The authority of the UN

Pax Christi stated recently "it is deplorable that the world's most powerful nations continue to regard war and the threat of war as an acceptable instrument of foreign policy, in violation of the ethos of both the UN and Christian moral teaching... The way to peace does not lie through war but through the transformation of structures of injustice and of the politics of exclusion and that is the cause to which the west should be devoting its technological, diplomatic and economic resources."

If the authority of the United Nations and the upholding of international law is to have any meaning in the future, then at the very least, I would suggest that the following needs to happen:

  • Negotiations should continue to ensure the return of UN weapons inspectors to Iraq in accordance with resolution 687.
  • Diplomatic and political efforts should continue to be made to attempt to resolve issues of conflict between Iraq, the USA and the UK governments.
War against Iraq should certainly not be contemplated by the US and the UK unless there is approval from the US Congress and the UK Parliament, and there is a UN mandate specifically sanctioning an attack on Iraq. Under present circumstances, I find it hard to imagine that such a mandate could possibly be given, which means that every effort should be put into finding political and diplomatic solutions to this situation.

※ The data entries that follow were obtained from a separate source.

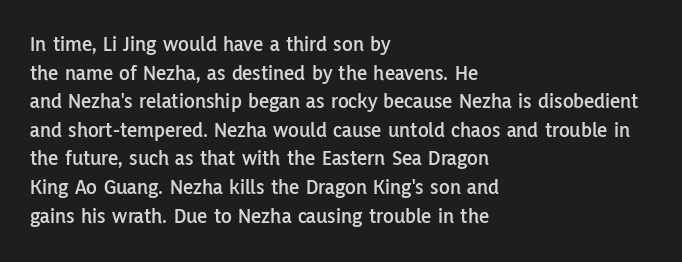
Q: Is the text italic (slanted)? A: No, it is upright.
Q: Is the text underlined? A: No.
Q: How is the paragraph aligned? A: Left-aligned.
Q: Is the spacing between letters normal or unusually wide? A: Normal.
Q: Is the spacing between lines tight, normal or loose? A: Normal.
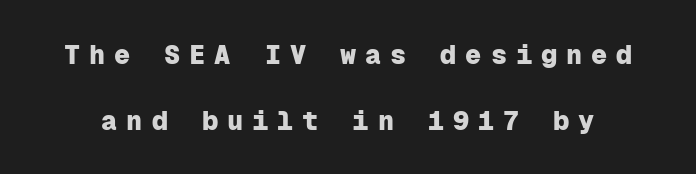
The image shows 27 px bold type, upright; set loose line spacing (2.44x), unusually wide letter spacing (+0.33 em), not underlined.
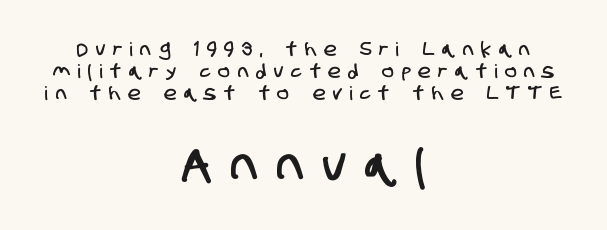
Q: Is the typeface a serif or a sans-serif typeface? A: Sans-serif.
Q: Is the text underlined? A: No.
Q: How is the paragraph aligned? A: Centered.
Q: Is the spacing between letters normal or unusually wide? A: Unusually wide.
Q: Is the spacing between lines tight, normal or loose? A: Tight.
Q: Which block of text is set in a larger size, the first (top) or the second (bottom)? A: The second (bottom) one.
Q: Width (condensed, normal, or wide)? A: Condensed.
Q: Stroke contrast? A: Low.
Q: x-height? A: Large.
Q: Monospaced? A: No.
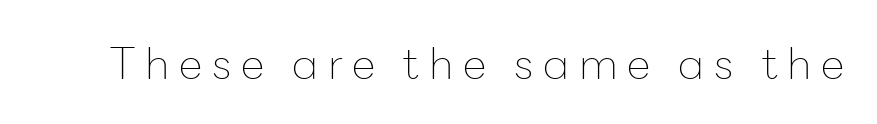
Bare-footed words on every line. Letter spacing: wide. Think of a printed novel: that variable character pitch is what you see here. Nothing heavy about these letters — not bold at all. Every character sits straight up, as roman type does. This is sans-serif lettering, the kind often seen on screens and signage.
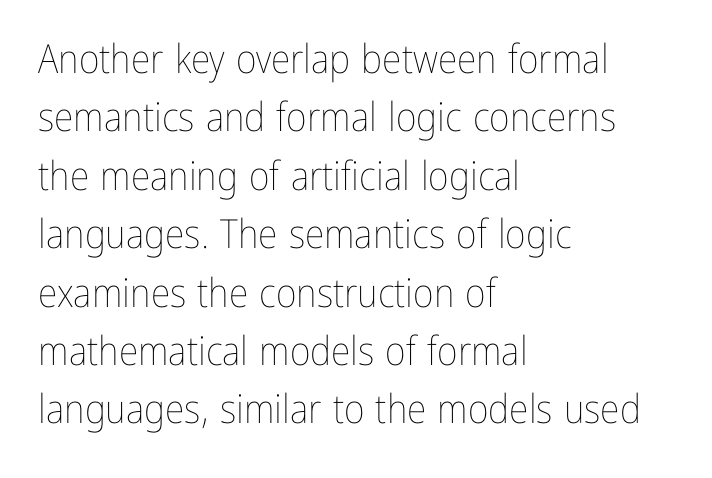
The image shows 40 px thin, condensed type, upright; set left-aligned, normal line spacing (1.46x), normal letter spacing, not underlined; low stroke contrast and a medium x-height.
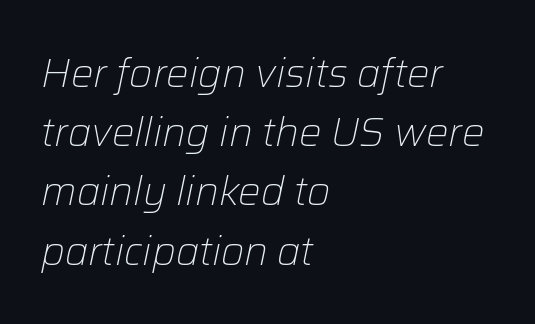
Unmarked baselines from the first word to the last. Whoever set this chose a conventional vertical rhythm. Standard letterfit; no display-style spreading of the glyphs. The lettering tilts uniformly, giving the passage an italic look.
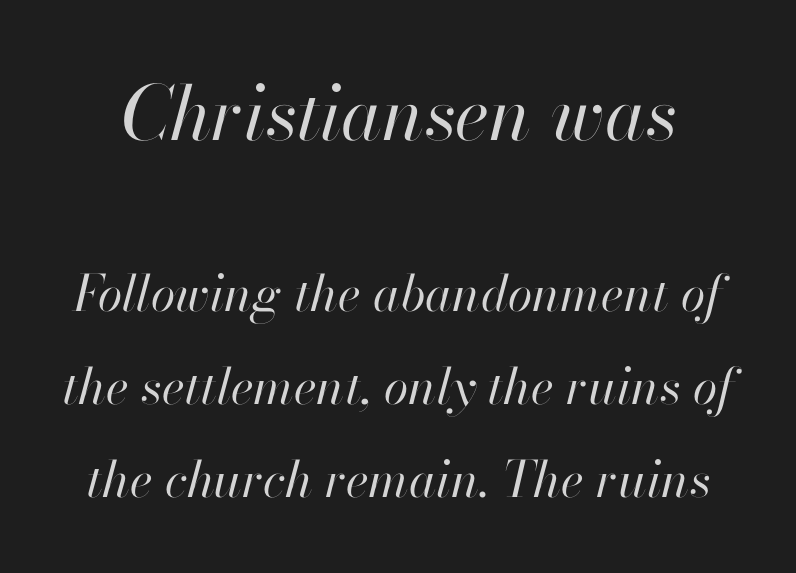
{"italic": "yes", "lean": "right", "slant_degrees": 13, "bold": "no", "weight": "regular", "width": "normal", "stroke_contrast": "high", "x_height": "small", "monospaced": "no", "underline": "no", "line_spacing_ratio": 1.86, "letter_spacing": "normal", "letter_spacing_em": 0.0, "larger_block": "first", "size_ratio": 1.5, "glyph_px": 75}
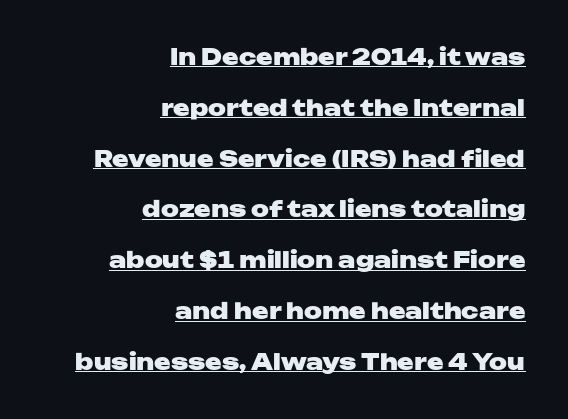
{"italic": "no", "bold": "yes", "underline": "yes", "align": "right", "line_spacing": "loose", "line_spacing_ratio": 2.31, "letter_spacing": "normal", "letter_spacing_em": 0.0, "glyph_px": 22}
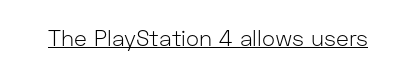
The image shows 22 px text type, upright; set normal letter spacing, underlined.
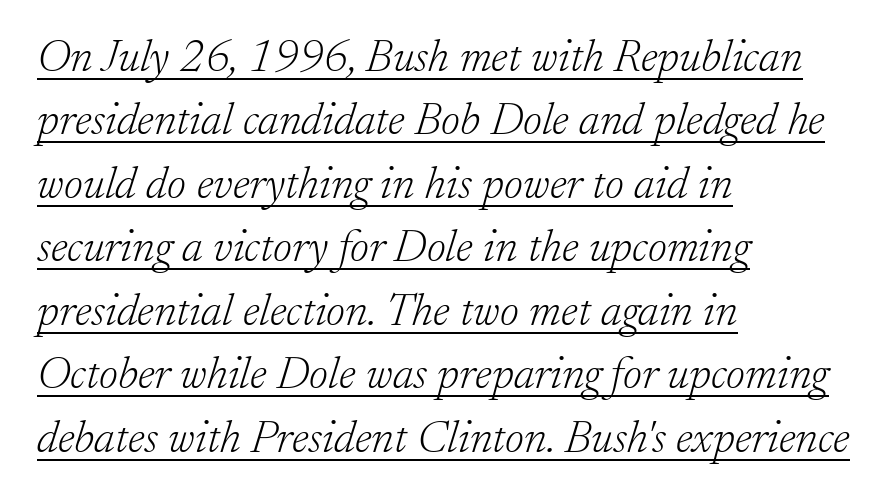
The image shows 46 px light serif type, italic (leaning right); set left-aligned, normal line spacing (1.38x), normal letter spacing, underlined; low stroke contrast and a small x-height.
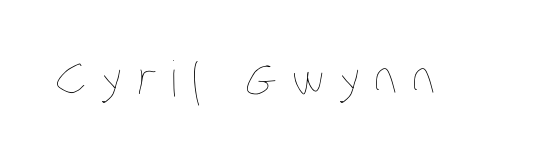
Anything drawn beneath the words? Only blank space. The weight would be labelled regular, book, light, or lighter still. The type is letterspaced generously, with wide tracking. A typesetter would call this proportional, since set widths differ per character.

If the US administration, with or without the backing of its UK ally, initiates a war against Iraq, the consequences could be catastrophic not only for the Iraqi people, but also throughout the Middle East, as the fallout from the war is impossible to predict. If the conflicts in the Middle East worsen, this has implications for all of us. There is also concern that after Iraq, others could be attacked. Iran is certainly a prime candidate as it fulfils many of the criteria that the US administration is using to justify an attack on Iraq.

This issue is not just about Iraq. It is about whether the militarily and economically powerful nations choose to use that power over others to get their own way or whether nations use the structures of the United Nations and international law to try and resolve disputes and conflicts between them.